路常安的刀已握在手中,沉重的刀,就像他的人一样。
他浑身的力气都已集聚在下盘,踩在悠悠绿草地上的双脚,竟深深陷入泥土之中,仿佛一支满弓蓄发的利箭,已做好随时冲击出去的准备,将他那一腔的悲愤和怒火,全都发泄在眼前这个,出卖朋友的不义之徒身上。
燕承雪绝不会先出手,他甚至根本就不想动手。在看到路常安的那一刻,他心中就已充满愧疚之感,他要杀的人并不是路常安,可他知道,只要路常安在,他就很难杀掉他要杀的人。
就在他还犹豫不决的时候,对方已经出手了,白马山庄的人绝不会坐以待毙。
飞刀。
一柄穿透寒光的飞刀,瞬间就已到了燕承雪的脖子上。紧接着,陆云展已经从门梁上飞身冲了下来,他知道这一击未必能中,这飞刀本来就是试探性的一招,所以他立刻从另一侧封住燕承雪的退路。
陆云展的出手和身法已然够快,刀至,人也已到。
可燕承雪更快,快到陆云展在瞬间竟怀疑起自己的眼睛,他甚至不敢相信,有人真能做到身轻如燕!正当他准备再次出手,只听身后一声咆哮,路常安从空中高高跃起,沉重的刀刃向燕承雪的身上砍了过去。
这一刀还是空了,可他们两人全身的力气却是满的,燕承雪不断闪避,两人不断夹击。

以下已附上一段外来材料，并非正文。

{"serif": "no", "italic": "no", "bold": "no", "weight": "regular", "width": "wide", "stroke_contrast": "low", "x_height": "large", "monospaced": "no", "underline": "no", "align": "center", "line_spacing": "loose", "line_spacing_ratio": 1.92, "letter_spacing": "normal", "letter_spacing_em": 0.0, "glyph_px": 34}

双方已经过招十几个回合,燕承雪仍是徒手在和他们接招拆招,虽然他能一一化解,可这样打法,他毕竟还是落入了下风。
“拔剑!”突然,路常安大吼一声。
刀锋卷起落叶直劈向燕承雪的面门,这一刀的力量和速度来的又急又猛,加上陆云展的飞刀又已出手。燕承雪已退到再无可退的地步,想要徒手挡住是绝无可能,他不得不出剑架开这两刀。
剑已出鞘,碧青色的剑光,仿佛一道旋转的星光,卷起的落叶像被折断了翅膀的飞鸟,瞬间就全都已坠落在地,连同着那两把刀!路常安的虎口突然感到一阵酥麻,顿时一点力气都已使不上。陆云展突地蹿起,手中握着一柄飞刀,又已展开身形发动攻击。两人都是短兵交锋,兵刃相击碰撞出尖锐刺耳的火光,犹如两人手中不断变化出火花来。

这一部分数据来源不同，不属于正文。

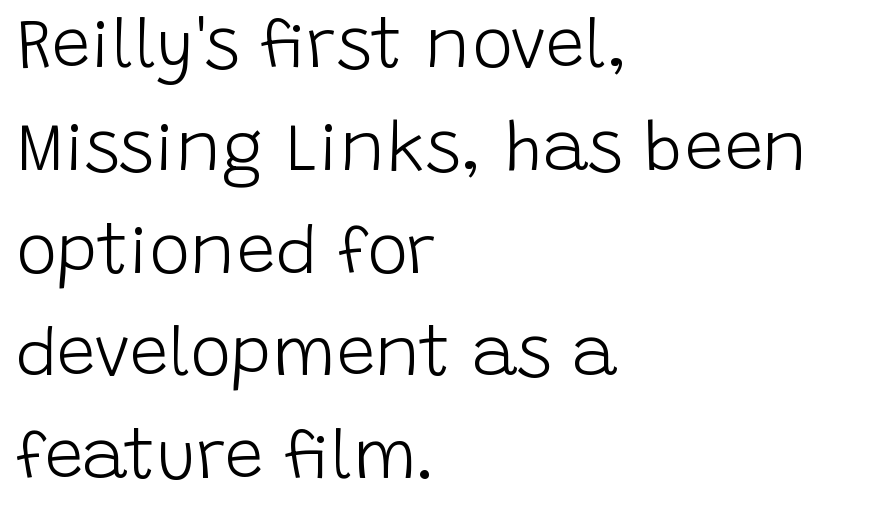
The image shows 69 px light sans-serif type, upright; set left-aligned, normal line spacing (1.49x), normal letter spacing, not underlined; low stroke contrast and a large x-height.
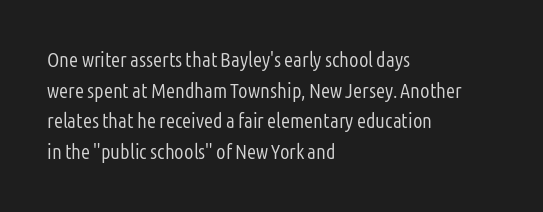
Q: Is the text bold? A: No.
Q: Is the text italic (slanted)? A: No, it is upright.
Q: Is the text underlined? A: No.
Q: How is the paragraph aligned? A: Left-aligned.
Q: Is the spacing between letters normal or unusually wide? A: Normal.
Q: Is the spacing between lines tight, normal or loose? A: Normal.

燕承雪一跃飞向更高,躲掉陆云展一击之后,燕子般俯冲而下,一脚踢落他手中的飞刀。没想到这一下陆云展像是早已料到,在失掉手中武器的瞬间,他向后凌空翻身,右手早已到了藏在身侧的最后一柄飞刀。他在空中翻飞的同时,手中飞刀也已破空而出,无声地从风中穿透直击燕承雪的腹部。

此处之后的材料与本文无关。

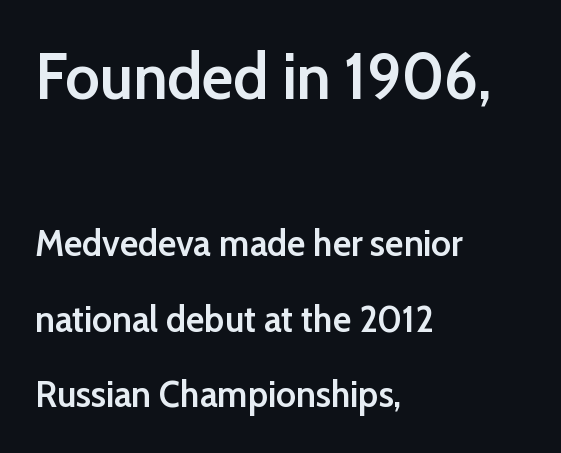
Q: Is the text bold? A: Semi-bold.
Q: Is the text italic (slanted)? A: No, it is upright.
Q: Is the typeface a serif or a sans-serif typeface? A: Sans-serif.
Q: Is the text underlined? A: No.
Q: How is the paragraph aligned? A: Left-aligned.
Q: Is the spacing between letters normal or unusually wide? A: Normal.
Q: Is the spacing between lines tight, normal or loose? A: Loose.
Q: Which block of text is set in a larger size, the first (top) or the second (bottom)? A: The first (top) one.
Q: Width (condensed, normal, or wide)? A: Normal.
Q: Stroke contrast? A: Low.
Q: x-height? A: Medium.
Q: Monospaced? A: No.

路常安这时忍着手上的麻痛,俯身冲过去,拾起自己掉落在地上的钢刀。
也就在此时,他听到两件兵刃相击的声音,紧接着又就听到一声惨呼。当他抬起头来的时候,就看到陆云展已倒在地上,像一条脱水的鱼一样颤动着身体,嘴里吐着血泡,一柄飞刀直插在他的咽喉处,鲜血似泉水般汩汩而出。
他只留下一幅惊愕的眼神,到死也没有闭上。
陆云展的死,令路常安的悲愤瞬间到达了极点,他浑身的肌肉都在颤抖,眼睛里布满鲜红的血丝,甚至嘴角都已有血液流出。没有人看到燕承雪是如何挡掉陆云展那一飞刀的,但他自己心里却很清楚,击中陆云展的那刀,绝不是他所致,他击挡下来的那柄飞刀,正掉落在他身后,杀死陆云展的那柄刀呢?
又是什么人在暗中偷袭?
燕承雪四处张望,可还是什么也没看到,竟连一点声音也没发现。
他已来不及细想,因为他已看到路常安那狰狞的面孔,血红的双眼,仿佛一头吃人的猛兽,正在怒视着他。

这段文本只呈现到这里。